Wednesday, October 08, 2008

The right blames the credit crisis on poor minority homeowners.

Daniel Gross - Slate Magazine has a column in which he replies to the claims of right. Apparently, among
the right-wing financial media (which is to say the financial media), and in certain parts of the op-ed-o-sphere, there's a consensus emerging that the whole mess should be laid at the feet of Fannie Mae and Freddie Mac, the failed mortgage giants, and the Community Reinvestment Act, a law passed during the Carter administration. The CRA, which was amended in the 1990s and this decade, requires banks—which had a long, distinguished history of not making loans to minorities—to make more efforts to do so.

The thesis is laid out almost daily on the Wall Street Journal editorial page, in the National Review, and on the campaign trail.
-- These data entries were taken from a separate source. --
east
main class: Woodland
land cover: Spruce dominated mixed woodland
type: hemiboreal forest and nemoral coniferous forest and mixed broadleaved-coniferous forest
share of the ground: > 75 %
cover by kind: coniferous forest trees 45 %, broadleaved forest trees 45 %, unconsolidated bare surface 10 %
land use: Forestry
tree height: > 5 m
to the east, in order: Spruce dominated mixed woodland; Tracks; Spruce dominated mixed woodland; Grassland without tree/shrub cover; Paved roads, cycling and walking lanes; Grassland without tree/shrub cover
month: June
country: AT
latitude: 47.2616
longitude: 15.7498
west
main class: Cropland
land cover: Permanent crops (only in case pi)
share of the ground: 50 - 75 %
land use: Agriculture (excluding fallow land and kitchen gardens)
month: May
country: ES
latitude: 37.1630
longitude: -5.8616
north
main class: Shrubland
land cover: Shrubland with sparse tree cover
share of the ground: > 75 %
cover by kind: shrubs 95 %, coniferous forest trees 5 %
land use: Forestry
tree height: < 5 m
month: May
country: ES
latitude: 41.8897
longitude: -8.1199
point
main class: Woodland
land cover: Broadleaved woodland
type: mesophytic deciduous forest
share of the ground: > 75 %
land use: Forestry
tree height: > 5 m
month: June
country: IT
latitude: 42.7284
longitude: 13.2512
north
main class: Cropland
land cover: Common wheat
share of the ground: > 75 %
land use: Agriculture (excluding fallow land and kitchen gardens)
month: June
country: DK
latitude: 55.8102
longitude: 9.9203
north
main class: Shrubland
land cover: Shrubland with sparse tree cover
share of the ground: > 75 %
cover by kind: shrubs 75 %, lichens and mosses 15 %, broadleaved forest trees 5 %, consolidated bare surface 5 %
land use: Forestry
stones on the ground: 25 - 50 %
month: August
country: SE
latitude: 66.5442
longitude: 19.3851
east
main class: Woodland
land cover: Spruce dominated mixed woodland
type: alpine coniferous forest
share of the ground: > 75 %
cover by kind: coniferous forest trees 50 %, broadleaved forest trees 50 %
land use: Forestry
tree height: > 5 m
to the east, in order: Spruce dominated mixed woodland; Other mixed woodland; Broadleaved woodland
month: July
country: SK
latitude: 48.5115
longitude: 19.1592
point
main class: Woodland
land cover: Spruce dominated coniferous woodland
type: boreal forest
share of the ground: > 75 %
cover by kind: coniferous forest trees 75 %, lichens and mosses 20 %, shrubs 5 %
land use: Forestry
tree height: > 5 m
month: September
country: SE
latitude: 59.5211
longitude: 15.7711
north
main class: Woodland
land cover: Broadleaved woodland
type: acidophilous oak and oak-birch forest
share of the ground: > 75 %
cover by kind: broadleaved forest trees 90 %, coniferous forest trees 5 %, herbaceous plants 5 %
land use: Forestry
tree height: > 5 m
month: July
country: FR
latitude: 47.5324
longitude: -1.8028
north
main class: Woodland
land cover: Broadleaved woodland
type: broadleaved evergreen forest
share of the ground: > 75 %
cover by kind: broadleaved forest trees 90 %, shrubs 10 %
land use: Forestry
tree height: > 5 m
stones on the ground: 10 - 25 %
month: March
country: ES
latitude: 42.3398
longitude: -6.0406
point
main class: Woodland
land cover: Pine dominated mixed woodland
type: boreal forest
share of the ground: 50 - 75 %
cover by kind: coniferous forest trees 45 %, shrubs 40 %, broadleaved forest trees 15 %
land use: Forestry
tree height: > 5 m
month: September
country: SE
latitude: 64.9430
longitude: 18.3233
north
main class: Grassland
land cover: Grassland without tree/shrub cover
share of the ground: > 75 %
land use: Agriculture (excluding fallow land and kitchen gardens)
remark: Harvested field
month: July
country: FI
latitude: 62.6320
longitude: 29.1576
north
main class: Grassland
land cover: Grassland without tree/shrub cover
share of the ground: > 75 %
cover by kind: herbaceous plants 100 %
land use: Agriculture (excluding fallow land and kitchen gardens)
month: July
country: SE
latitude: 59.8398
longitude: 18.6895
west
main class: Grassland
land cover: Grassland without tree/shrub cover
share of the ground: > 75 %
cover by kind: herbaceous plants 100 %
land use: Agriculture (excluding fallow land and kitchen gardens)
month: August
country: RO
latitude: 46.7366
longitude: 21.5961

John McCain said yesterday, 'Bad mortgages were being backed by Fannie Mae and Freddie Mac, and it was only a matter of time before a contagion of unsustainable debt began to spread.' Washington Post columnist Charles Krauthammer provides an excellent example, writing that 'much of this crisis was brought upon us by the good intentions of good people.' He continues: 'For decades, starting with Jimmy Carter's Community Reinvestment Act of 1977, there has been bipartisan agreement to use government power to expand homeownership to people who had been shut out for economic reasons or, sometimes, because of racial and ethnic discrimination. What could be a more worthy cause? But it led to tremendous pressure on Fannie Mae and Freddie Mac—which in turn pressured banks and other lenders—to extend mortgages to people who were borrowing over their heads. That's called subprime lending. It lies at the root of our current calamity." The subtext: If only Congress didn't force banks to lend money to poor minorities, the Dow would be well on its way to 36,000.